This dish is brimful of protein and calcium-heavy ingredients like Toor dal, milk, and curds, essential for growing bones and new body cells.

Remember to turn off the stove before adding curd to the gravy.

Ingredients- 

For Khichdi-

1 cup Brown rice

1/4 cup Toor dal (Arhar) 

a pinch of Saffron strands (Kesar) 

1 tbsp low-fat Milk

Salt to taste

For Gravy-

1/2 cup finely chopped Onions

2 tbsp Red paste

1/2 tsp Garam masala

1 tsp Sugar

Salt to taste

3/4 cup whisked low-fat Curd

Other Ingredients-

1/2 cup sliced Onions

1/4 cup low-fat milk 

Recipe for Khichdi- 

  1. Soak the brown rice and Toor dal in a deep bowl with water for 15 minutes.

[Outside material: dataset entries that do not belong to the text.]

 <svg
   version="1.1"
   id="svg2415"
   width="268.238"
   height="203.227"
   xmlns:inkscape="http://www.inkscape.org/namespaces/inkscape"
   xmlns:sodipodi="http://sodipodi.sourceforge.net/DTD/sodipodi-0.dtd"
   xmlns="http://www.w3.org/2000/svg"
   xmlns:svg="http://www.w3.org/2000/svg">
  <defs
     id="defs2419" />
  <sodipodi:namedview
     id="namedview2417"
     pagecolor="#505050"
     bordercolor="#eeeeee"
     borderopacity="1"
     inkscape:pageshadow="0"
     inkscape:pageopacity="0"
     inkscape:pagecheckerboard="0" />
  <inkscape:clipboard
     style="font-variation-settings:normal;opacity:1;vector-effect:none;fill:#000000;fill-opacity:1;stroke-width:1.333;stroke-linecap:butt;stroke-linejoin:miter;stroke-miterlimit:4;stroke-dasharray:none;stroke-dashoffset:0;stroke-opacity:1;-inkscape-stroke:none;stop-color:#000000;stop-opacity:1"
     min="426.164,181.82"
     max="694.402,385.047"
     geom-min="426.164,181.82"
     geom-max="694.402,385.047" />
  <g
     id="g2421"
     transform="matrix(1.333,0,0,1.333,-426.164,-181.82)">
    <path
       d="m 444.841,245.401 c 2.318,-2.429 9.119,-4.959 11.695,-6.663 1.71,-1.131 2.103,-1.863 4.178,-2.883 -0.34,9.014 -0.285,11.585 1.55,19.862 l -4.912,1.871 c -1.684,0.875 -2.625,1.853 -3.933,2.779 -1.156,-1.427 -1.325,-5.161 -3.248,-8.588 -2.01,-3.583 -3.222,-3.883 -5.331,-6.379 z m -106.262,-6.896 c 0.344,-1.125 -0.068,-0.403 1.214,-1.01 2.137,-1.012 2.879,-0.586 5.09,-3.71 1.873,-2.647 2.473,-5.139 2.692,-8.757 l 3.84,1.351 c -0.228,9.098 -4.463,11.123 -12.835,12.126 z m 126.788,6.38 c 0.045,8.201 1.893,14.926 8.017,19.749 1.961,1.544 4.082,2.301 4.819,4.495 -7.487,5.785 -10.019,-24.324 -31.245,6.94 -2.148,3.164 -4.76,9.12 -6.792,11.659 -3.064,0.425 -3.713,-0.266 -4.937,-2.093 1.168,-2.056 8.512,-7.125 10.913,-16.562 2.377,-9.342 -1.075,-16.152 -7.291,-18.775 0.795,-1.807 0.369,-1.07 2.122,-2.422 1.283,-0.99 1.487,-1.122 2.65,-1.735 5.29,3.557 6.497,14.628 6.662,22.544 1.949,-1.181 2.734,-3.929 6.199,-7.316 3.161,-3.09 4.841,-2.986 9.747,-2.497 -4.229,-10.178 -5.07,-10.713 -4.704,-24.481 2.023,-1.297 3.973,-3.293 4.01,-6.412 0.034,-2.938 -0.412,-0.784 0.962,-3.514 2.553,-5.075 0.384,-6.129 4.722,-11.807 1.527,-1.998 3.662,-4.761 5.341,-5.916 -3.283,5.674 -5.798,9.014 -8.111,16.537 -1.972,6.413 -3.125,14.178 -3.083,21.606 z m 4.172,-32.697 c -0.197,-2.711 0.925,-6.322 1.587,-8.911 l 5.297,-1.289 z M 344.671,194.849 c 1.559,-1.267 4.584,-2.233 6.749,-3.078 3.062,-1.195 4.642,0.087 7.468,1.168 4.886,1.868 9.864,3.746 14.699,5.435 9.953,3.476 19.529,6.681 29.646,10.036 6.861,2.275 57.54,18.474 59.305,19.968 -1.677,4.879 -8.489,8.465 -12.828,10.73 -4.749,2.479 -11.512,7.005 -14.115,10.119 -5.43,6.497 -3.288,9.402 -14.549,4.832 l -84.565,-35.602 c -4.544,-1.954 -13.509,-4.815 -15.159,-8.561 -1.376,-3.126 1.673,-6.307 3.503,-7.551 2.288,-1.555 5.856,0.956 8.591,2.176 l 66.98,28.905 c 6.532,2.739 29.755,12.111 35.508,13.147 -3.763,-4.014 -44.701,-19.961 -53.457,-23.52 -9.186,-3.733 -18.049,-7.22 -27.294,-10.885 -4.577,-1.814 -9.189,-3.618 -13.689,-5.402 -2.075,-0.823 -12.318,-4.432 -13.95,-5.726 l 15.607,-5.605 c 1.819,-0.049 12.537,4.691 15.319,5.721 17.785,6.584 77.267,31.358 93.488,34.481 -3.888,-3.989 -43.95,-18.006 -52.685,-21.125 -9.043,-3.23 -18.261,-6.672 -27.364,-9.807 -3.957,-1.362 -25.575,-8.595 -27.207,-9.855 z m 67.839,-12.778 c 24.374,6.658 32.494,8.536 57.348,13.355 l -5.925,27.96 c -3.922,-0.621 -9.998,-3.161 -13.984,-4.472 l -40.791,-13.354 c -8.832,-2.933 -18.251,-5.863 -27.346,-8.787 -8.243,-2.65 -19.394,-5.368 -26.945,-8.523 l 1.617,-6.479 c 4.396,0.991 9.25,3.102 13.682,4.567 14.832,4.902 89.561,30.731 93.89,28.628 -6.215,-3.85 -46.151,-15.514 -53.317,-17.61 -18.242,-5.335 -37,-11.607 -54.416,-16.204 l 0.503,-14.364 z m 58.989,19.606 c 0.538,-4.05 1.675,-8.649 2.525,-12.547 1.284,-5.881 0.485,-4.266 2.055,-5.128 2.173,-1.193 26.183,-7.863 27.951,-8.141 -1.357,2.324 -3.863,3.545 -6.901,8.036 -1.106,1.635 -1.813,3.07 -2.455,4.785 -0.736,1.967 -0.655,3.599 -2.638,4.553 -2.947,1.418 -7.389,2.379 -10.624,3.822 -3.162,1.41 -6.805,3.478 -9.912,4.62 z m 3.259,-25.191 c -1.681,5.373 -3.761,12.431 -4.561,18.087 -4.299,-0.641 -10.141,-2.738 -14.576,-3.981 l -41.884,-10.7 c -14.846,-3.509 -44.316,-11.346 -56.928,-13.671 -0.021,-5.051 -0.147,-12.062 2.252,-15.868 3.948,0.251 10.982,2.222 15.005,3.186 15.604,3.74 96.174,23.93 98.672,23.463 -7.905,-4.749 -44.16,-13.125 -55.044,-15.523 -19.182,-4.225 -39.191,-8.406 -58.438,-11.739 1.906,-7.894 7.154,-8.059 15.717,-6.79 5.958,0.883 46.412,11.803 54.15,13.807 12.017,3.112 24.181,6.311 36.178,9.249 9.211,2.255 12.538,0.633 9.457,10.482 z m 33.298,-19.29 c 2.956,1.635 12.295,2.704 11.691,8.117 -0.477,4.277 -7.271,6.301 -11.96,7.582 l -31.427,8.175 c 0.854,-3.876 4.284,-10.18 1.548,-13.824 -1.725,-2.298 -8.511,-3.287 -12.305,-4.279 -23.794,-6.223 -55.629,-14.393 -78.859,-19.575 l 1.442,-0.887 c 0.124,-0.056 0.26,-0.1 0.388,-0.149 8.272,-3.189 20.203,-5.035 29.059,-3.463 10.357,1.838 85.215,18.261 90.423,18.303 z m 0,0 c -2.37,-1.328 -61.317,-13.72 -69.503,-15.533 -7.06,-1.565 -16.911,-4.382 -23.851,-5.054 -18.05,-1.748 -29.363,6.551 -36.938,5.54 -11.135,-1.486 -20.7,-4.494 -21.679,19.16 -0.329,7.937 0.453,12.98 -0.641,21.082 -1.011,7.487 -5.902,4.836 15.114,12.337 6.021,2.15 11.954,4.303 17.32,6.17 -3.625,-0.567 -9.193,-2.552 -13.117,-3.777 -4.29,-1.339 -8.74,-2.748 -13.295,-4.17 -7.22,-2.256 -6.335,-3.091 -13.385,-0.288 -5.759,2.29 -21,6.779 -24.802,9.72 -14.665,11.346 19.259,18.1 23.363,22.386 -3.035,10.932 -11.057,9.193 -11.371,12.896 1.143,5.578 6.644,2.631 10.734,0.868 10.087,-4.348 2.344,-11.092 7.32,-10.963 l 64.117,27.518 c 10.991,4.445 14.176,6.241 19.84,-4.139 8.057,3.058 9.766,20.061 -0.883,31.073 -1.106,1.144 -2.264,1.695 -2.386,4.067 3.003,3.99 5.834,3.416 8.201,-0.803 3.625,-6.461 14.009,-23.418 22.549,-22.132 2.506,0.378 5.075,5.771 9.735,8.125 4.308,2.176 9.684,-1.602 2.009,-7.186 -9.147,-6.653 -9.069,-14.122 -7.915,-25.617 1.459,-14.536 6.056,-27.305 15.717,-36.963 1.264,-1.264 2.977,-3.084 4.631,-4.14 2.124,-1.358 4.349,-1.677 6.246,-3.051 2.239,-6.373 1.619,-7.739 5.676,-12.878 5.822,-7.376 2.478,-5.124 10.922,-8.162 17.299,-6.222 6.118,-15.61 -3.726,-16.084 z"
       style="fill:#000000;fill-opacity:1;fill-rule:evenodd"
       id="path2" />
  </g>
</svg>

Drain and keep aside.
  2. Mix saffron with low-fat milk in a bowl, and keep aside.
  3. Combine the drained Toor dal and brown rice with the saffron-milk mixture, and 2½ cups of water in a pressure cooker, add salt and mix well, and cook for 4 whistles.
  4. Allow the steam to escape before opening the lid. Keep aside.

Recipe for Gravy-

  1. Add the chopped onions to a pre-heated, non-stick pan and dry roast on a slow flame till it turns golden brown.
  2. Add the red paste and dry roast on a slow flame for a minute. Sprinkle a little water if the mixture starts to burn.
  3. Now add garam masala, sugar, salt, and mix well. Cook on a medium flame for 1 minute.
  4. Remove from the flame, add curd, whisk well and keep it aside.

How to proceed-

  1. Heat a small non-stick pan, add the sliced onions, and dry roast on a slow flame till they turn golden brown. Keep aside.
  2. Take 3 equally divided portions of the Khichdi and 2 equal portions of the gravy.
  3. Put the milk at the bottom of a glass baking tray, spread half the browned onions evenly.
  4. Spread one portion of the khichdi in an even layer. Then spread a portion of the gravy evenly over it.
  5. Repeat the procedure till you have three layers of khichdi with 2 layers of gravy in between.
  6. Sprinkle the remaining browned onions and cover it with aluminium foil.
  7. Bake the khichdi in a pre-heated oven at 200°c (400°f) for 8 minutes or microwave on high for 1 minute. Ensure you do not use aluminum foil while microwaving, as it may cause a spark.
  8. Serve it hot.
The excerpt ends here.